Title: An approach to fault tolerance in the cloud using the checkpointing technique
Authors: Ghalem Belalem; Said Limam
Addresses: Department of Computer Science, Faculty of Sciences, University of Oran, B.P. 1524, EL M'Naouer, Oran, 31000, Algeria ' Department of Computer Science, Faculty of Sciences, University of Oran, B.P. 1524, EL M'Naouer, Oran, 31000, Algeria
Abstract: Reliability refers to the probability that a system will offer failure-free service for a specified period of time within the bounds of a specified environment.
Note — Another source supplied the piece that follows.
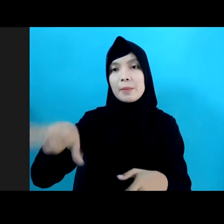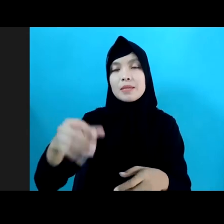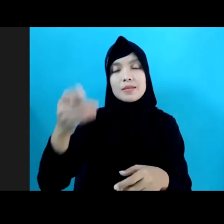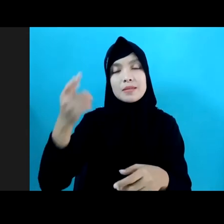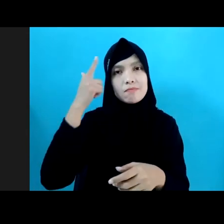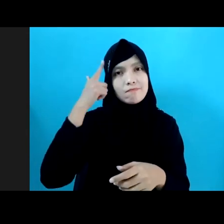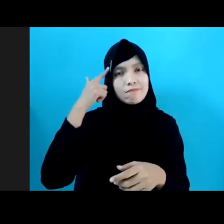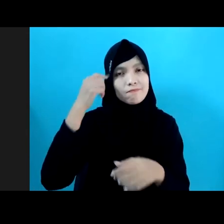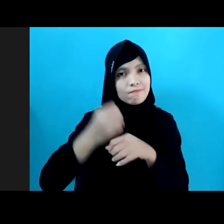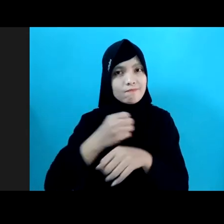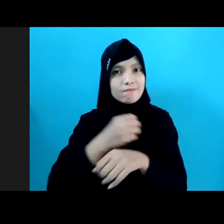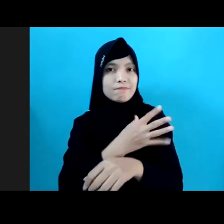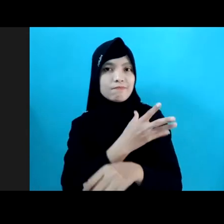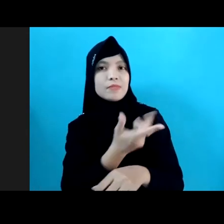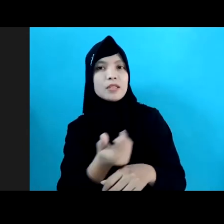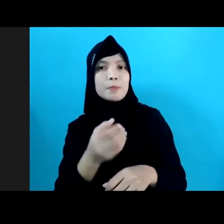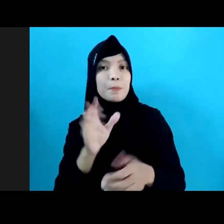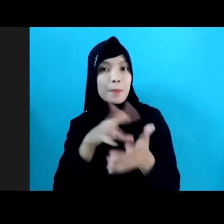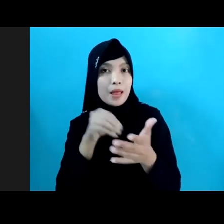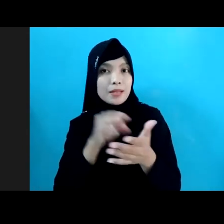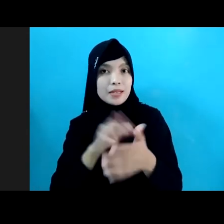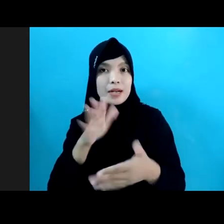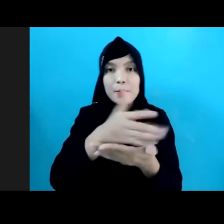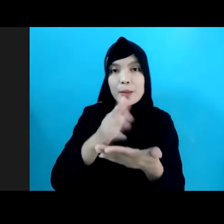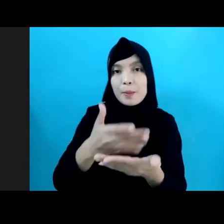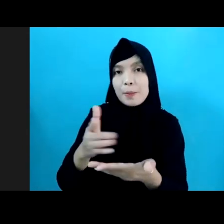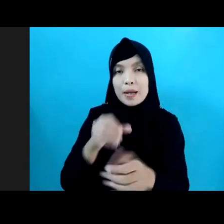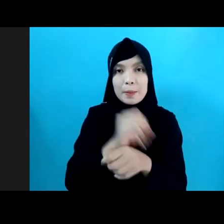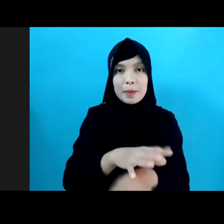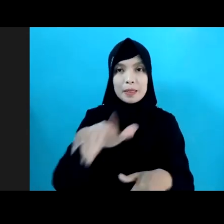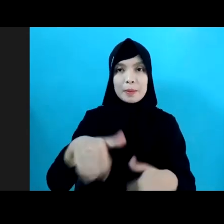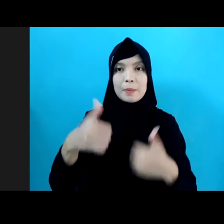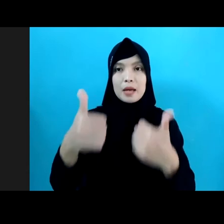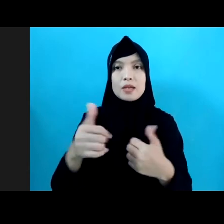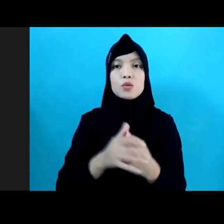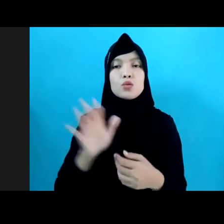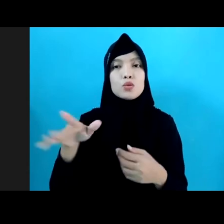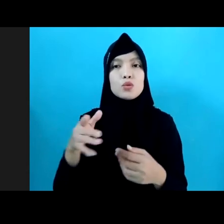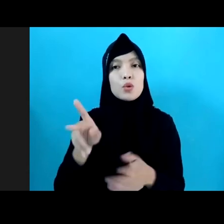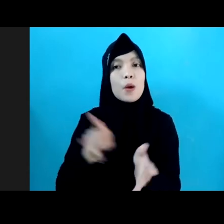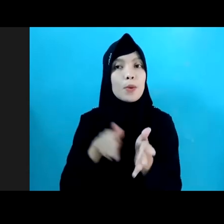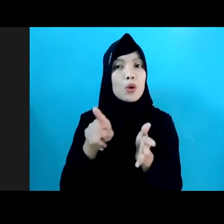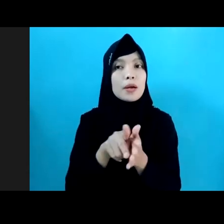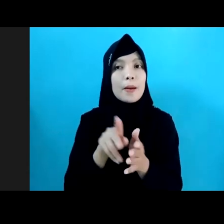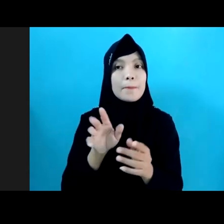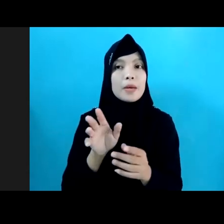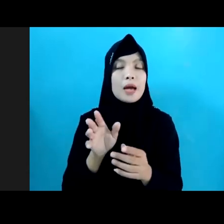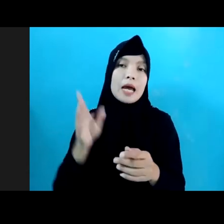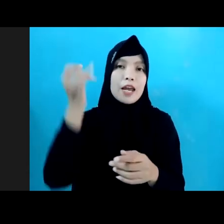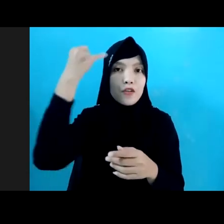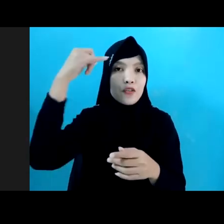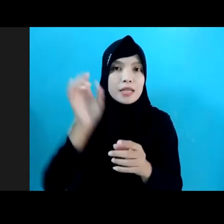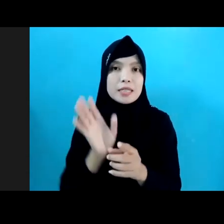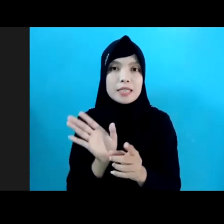dan berbagi praktek baik untuk memperluas cakupan dan implementasi program inovasi pemenuhan hak anak di

For the cloud, reliability is broadly a function of the reliability of four individual components: 1) the hardware and software facilities offered by providers; 2) the provider's personnel; 3) connectivity to the subscribed services; 4) the subscriber's personnel. It is too expensive to provide redundant alternative components for all the cloud components. To reduce the cost and to develop highly reliable cloud within the limited budget, we proposed in this paper a fault tolerant architecture to cloud computing that uses a dynamic and adaptive checkpoint mechanism to provide a reliable cloud computing system.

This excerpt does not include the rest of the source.